* _Activity_
Print the records below exactly, with no pictures.

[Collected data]
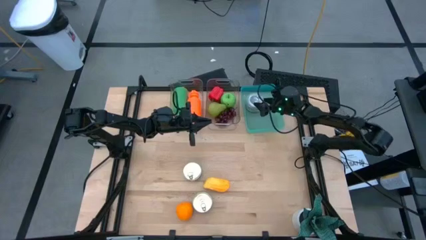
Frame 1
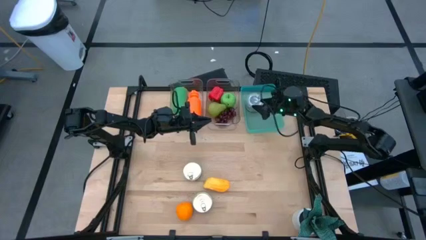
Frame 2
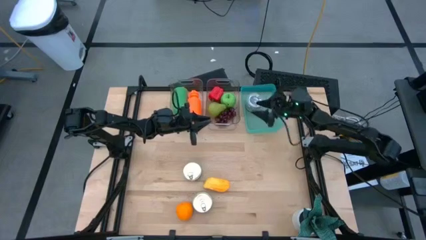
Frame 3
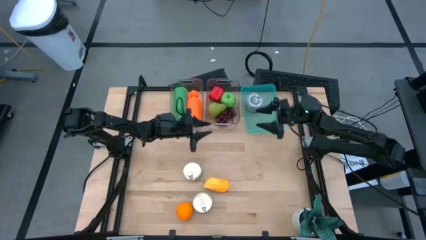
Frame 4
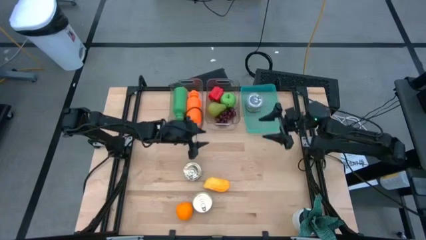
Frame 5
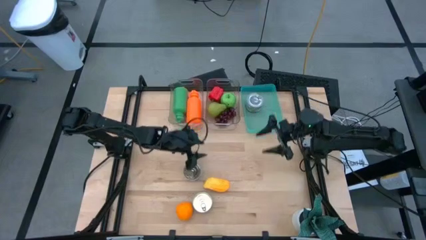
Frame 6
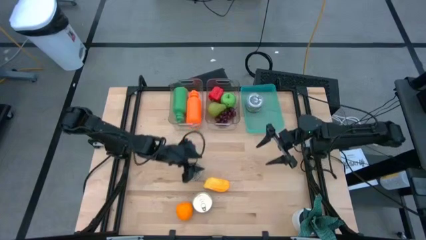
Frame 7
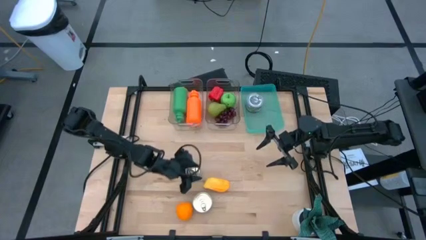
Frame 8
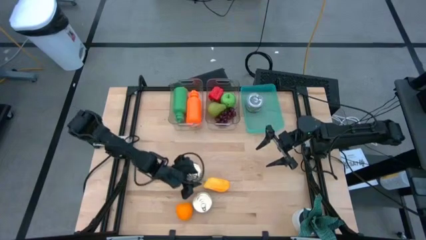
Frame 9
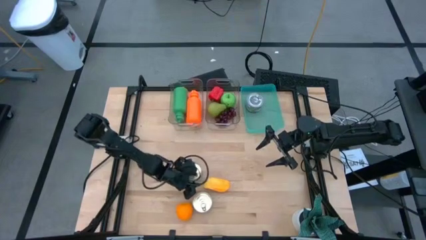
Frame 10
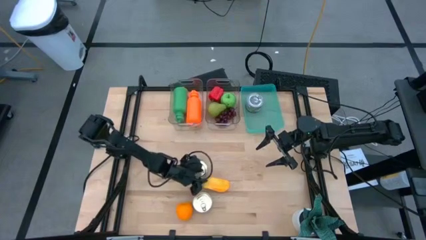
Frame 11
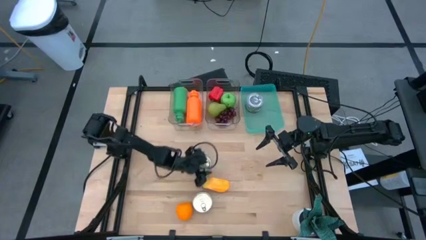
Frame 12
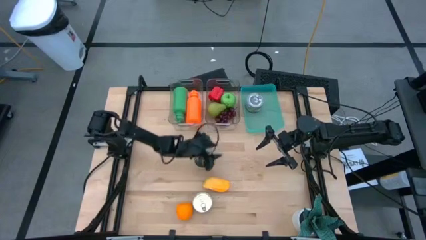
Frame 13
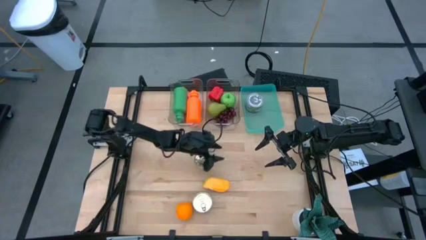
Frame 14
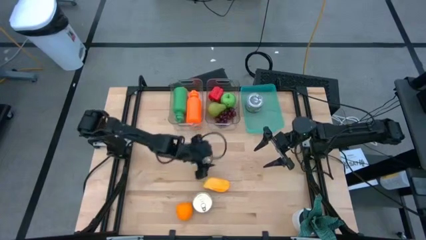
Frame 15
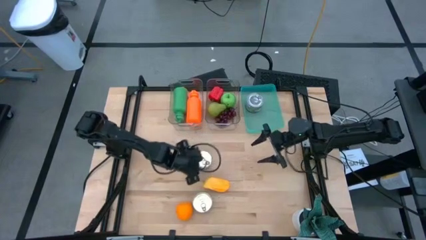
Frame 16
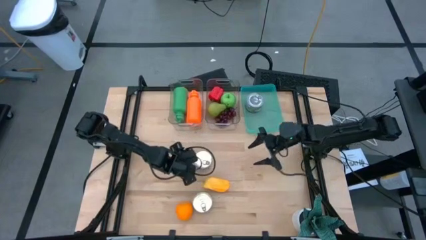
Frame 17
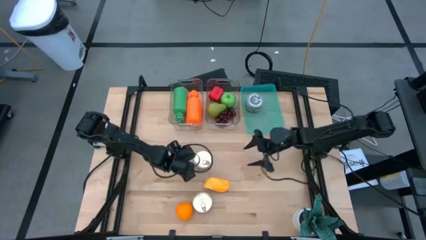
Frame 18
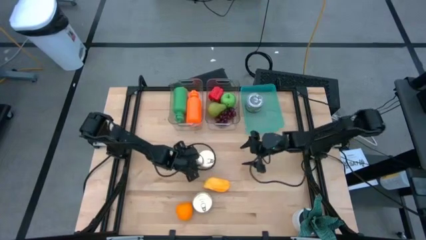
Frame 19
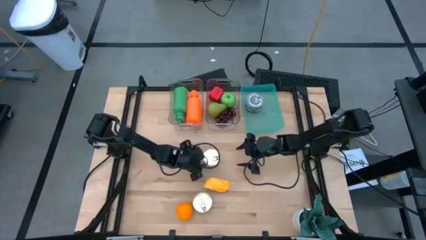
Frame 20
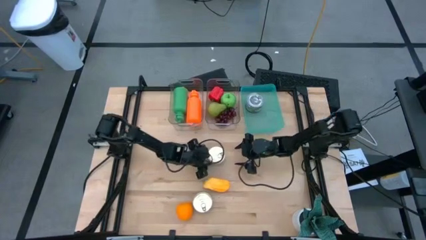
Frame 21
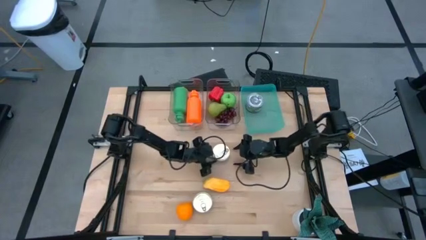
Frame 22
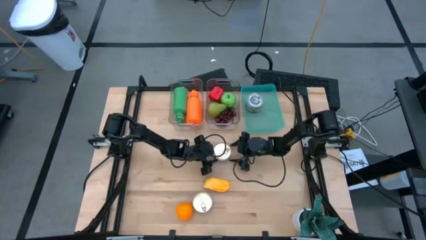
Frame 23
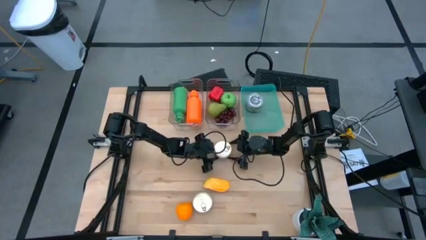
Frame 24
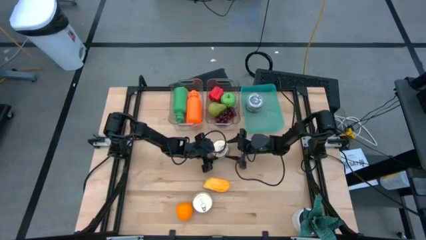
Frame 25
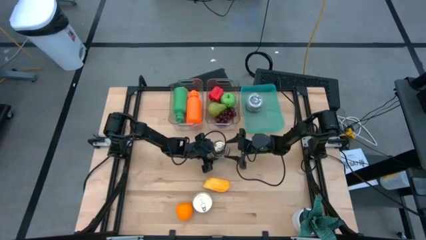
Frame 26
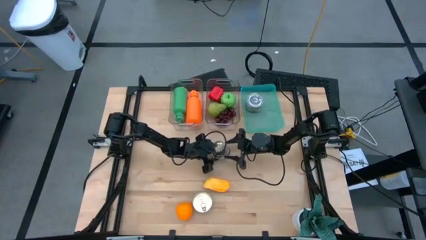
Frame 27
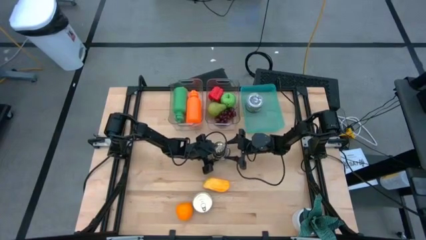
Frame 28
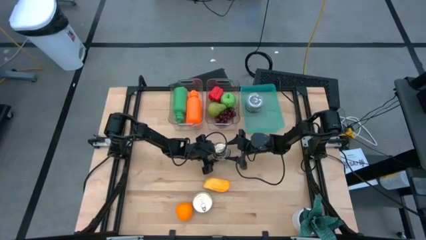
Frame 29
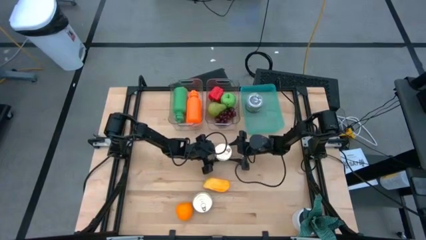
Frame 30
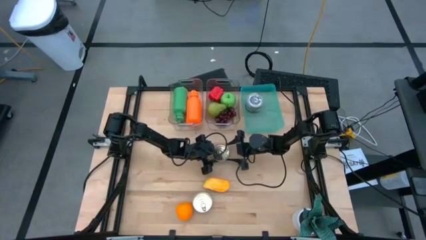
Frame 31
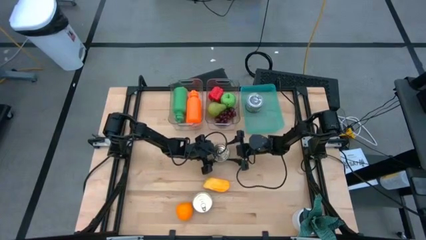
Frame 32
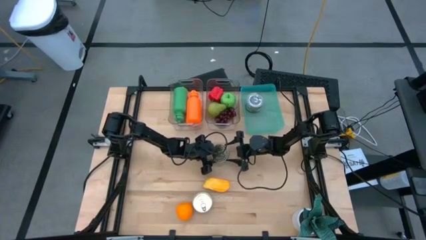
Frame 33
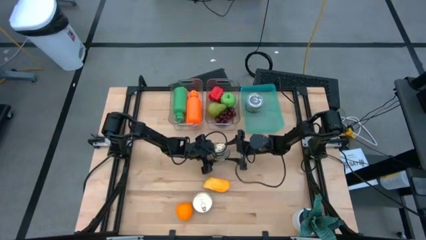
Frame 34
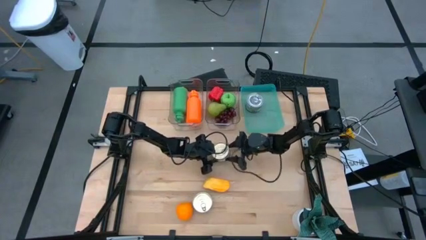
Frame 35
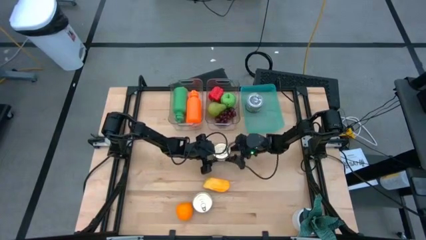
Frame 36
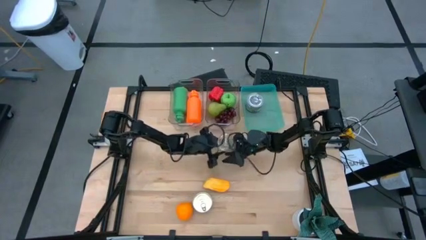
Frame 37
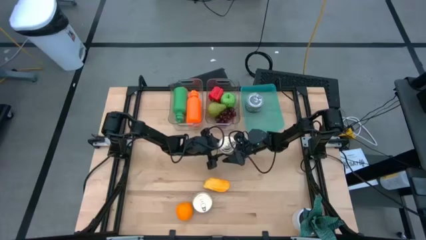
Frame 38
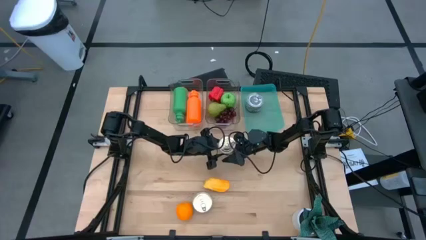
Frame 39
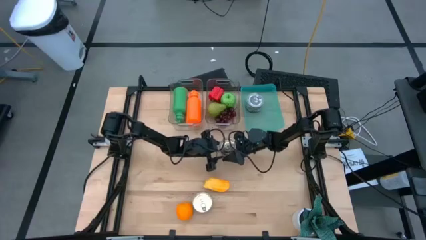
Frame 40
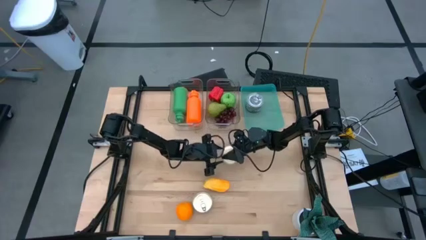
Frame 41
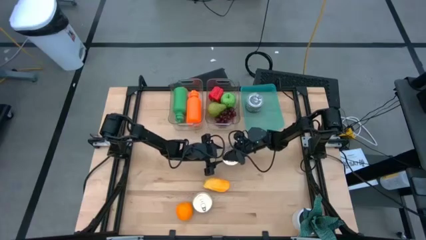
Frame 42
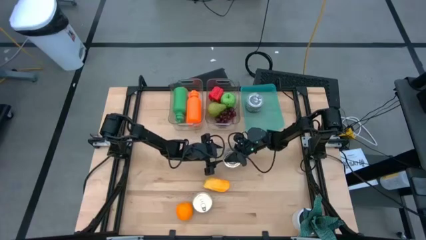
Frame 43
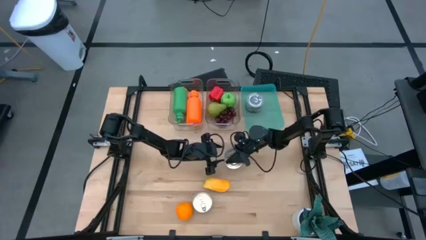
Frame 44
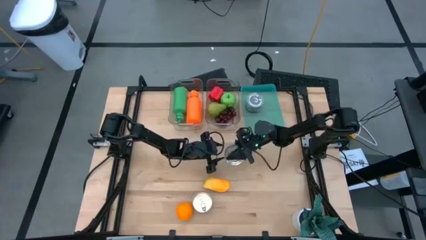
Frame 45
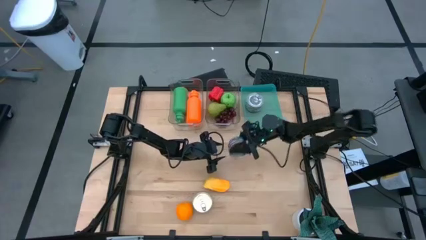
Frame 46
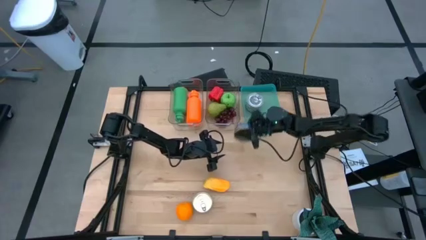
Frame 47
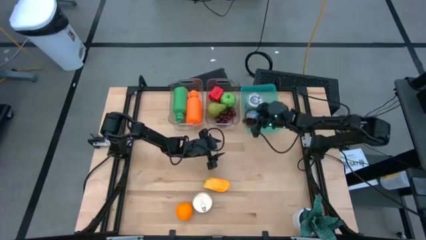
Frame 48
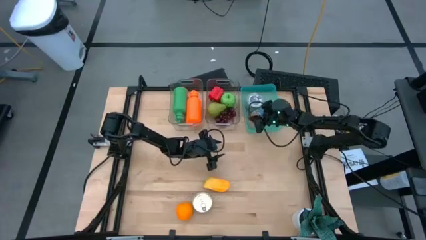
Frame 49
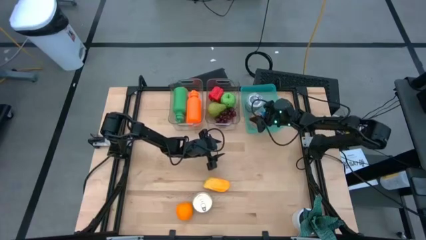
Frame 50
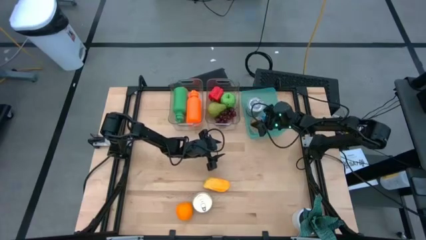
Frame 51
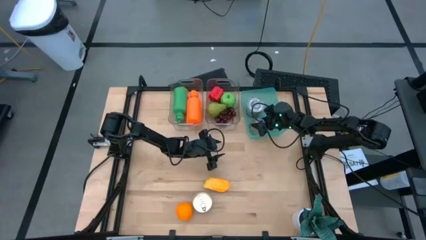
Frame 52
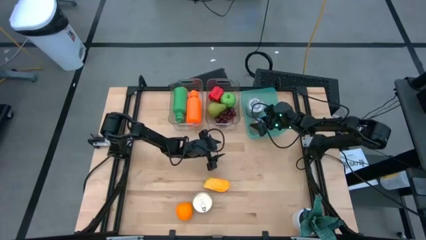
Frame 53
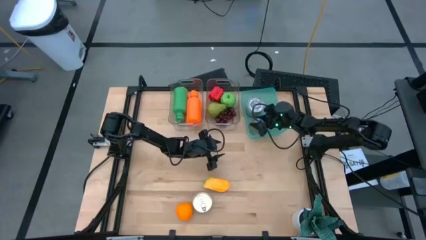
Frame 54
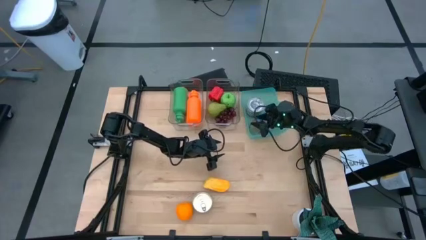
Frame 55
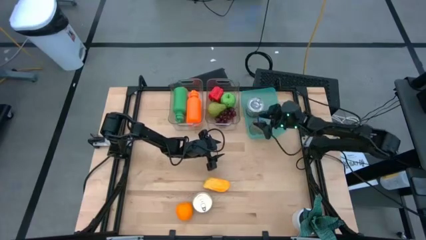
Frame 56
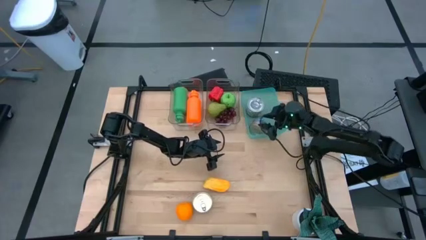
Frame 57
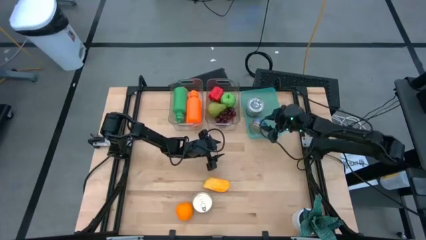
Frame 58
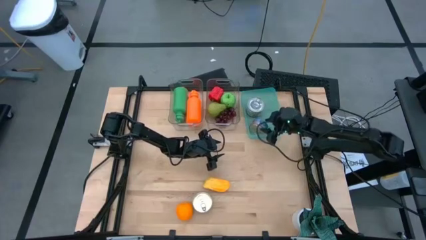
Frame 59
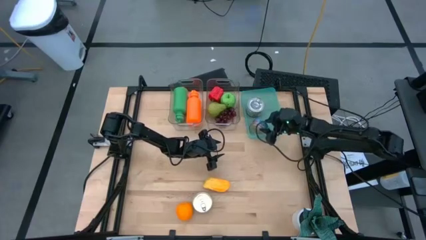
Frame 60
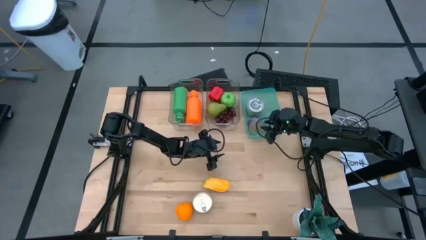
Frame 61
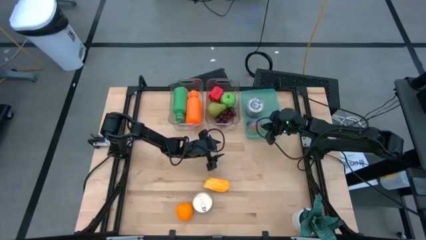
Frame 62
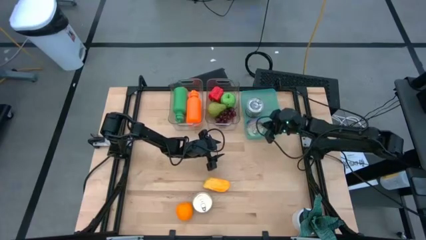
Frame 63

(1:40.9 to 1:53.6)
Task: Pick & Place Food Item
Put the top blue tuna can into the green bin

* _Answer to this problem_
Frame 1
Frame 2
Frame 3
Frame 4
Frame 5
Frame 6
Frame 7
Frame 8
Frame 9
Frame 10
Frame 11
Frame 12
Frame 13
Frame 14
Frame 15
Frame 16
Frame 17
Frame 18
Frame 19
Frame 20
Frame 21
Frame 22
Frame 23
Frame 24
Frame 25
Frame 26
Frame 27
Frame 28
Frame 29
Frame 30
Frame 31
Frame 32
Frame 33
Frame 34
Frame 35
Frame 36
Frame 37
Frame 38
Frame 39
Frame 40
Frame 41
Frame 42
Frame 43
Frame 44
Frame 45
Frame 46
Frame 47
Frame 48
Frame 49
Frame 50
Frame 51
Frame 52
Frame 53
Frame 54
Frame 55
Frame 56
Frame 57
Frame 58
Frame 59
Frame 60
Frame 61
Frame 62
Frame 63

(1:40.9 to 1:53.6)
Task: Pick & Place Food Item
Put the top blue tuna can into the green bin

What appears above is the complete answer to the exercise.